To Reposition or To Retire

A redefining of my life, work and mission--and perhaps yours as well

Please allow me to share my own personal thinking about what I am thinking about regarding the rest of my life.  All of us, to one degree or another is re-thinking our lives. Goodness. In the light of current events, nuclear threats and such hatred going rampant, we all need to be in the business of re-thinking many things—including our own personal futures. I’m hoping that if I am transparent and open, it might also give you words—perhaps even courage to rethink your own life, work and mission.

I’ve heard folks say who live a lot of their life in the church, that the word, “retirement” is not in the Bible.

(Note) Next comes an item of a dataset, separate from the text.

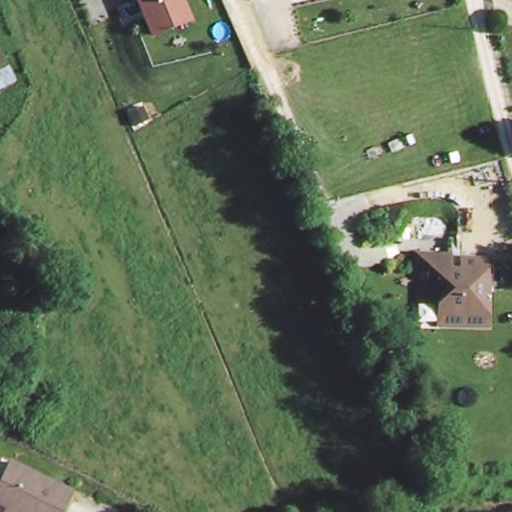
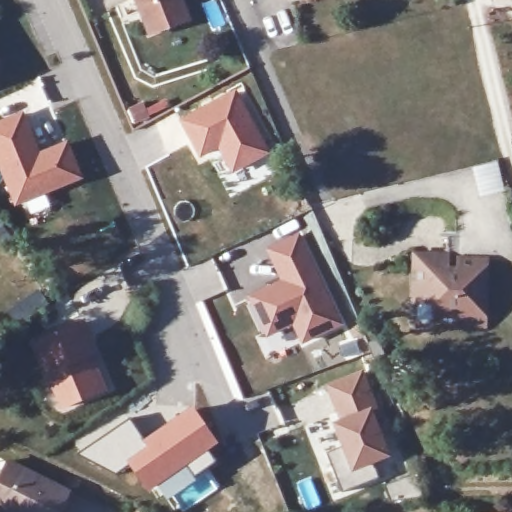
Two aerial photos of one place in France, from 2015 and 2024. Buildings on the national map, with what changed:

Any fact checker can tell you that it actually is in the Bible. I’ll make you work a bit here to find it but it is in the Bible. Now, now, we all can’t be spoon fed, can we? Just dig a bit and you’ll find it and that will put the argument that we can never stop working to bed!

The mindset that I hear among some people groups goes like this: “I want to die with my boots on.”  “I’d rather rust out than quit.”  “Christians should never retire.” Then, there’s this one: “My rest is in heaven.” This is precisely the kind of thinking that leads to burnout and fosters a mentality of survival, not thriving.  If you could hear, like Gwen and I do, from the spouses of the ones who hold such beliefs; if you could hear from those left in the wake of their carnage by men who never quit and women who simply do not know how to slow down, then you could better understand our deep concern.  I suppose the one we hear most is this: “Retirement is not in the Bible.”

But, there are many words that are not in the Bible that we use a lot these days: seminary, nuclear weapons, narcissism and mega-church, just to name a few. Other words like “workaholic,” “high blood pressure” and the “accumulation of high stress” is also not found in the Bible.   This discussion is not about the right and wrong of words, it is about finding the right word that might fit anyone who has worked a long time and who might be considering or re-thinking their life. This is also some food for thought for anyone who is stuck, facing a wall, recently fired or laid off or perhaps even divorced or recently widowed. This is for anyone who wants the courage just to think a bit more deeply about a new beginning.

Here are two words I want to explore for my own benefit and perhaps yours as well:

The first word is this: “Retire”

Here’s the literal definition:

  1. to withdraw, or go away or apart, to a place of privacy, shelter, or seclusion:

Like, “He retired to his study.”

  1. to go to bed:

Like, “He retired at midnight.”

  1. to withdraw from office, business, or active life, usually because of age.

This is the one word that trips me up. To withdraw–because of age? Seriously?

The second word, and in my opinion better word for me at least, is this word:


Here’s the definition of “reposition.”

  1. to put in a new or different position; shift:

to reposition the artwork on the advertising layout.

  1. to change the image,

Something in me, around me and to me needs to “reposition.”  There is just this deep sense within me that unless I reposition my life, I will simply withdraw, lose my voice and quit.  I want this word. I need this word. I need this paradigm to know how to re-access the trajectory of my life and work.  If you are feeling that something needs to shift, then before we jerk the gear shift of our lives into neutrual or reverse, let’s just pause for a moment and reflect.  This would help us NOT to react–but rather respond to how we’re feeling and what we are wanting.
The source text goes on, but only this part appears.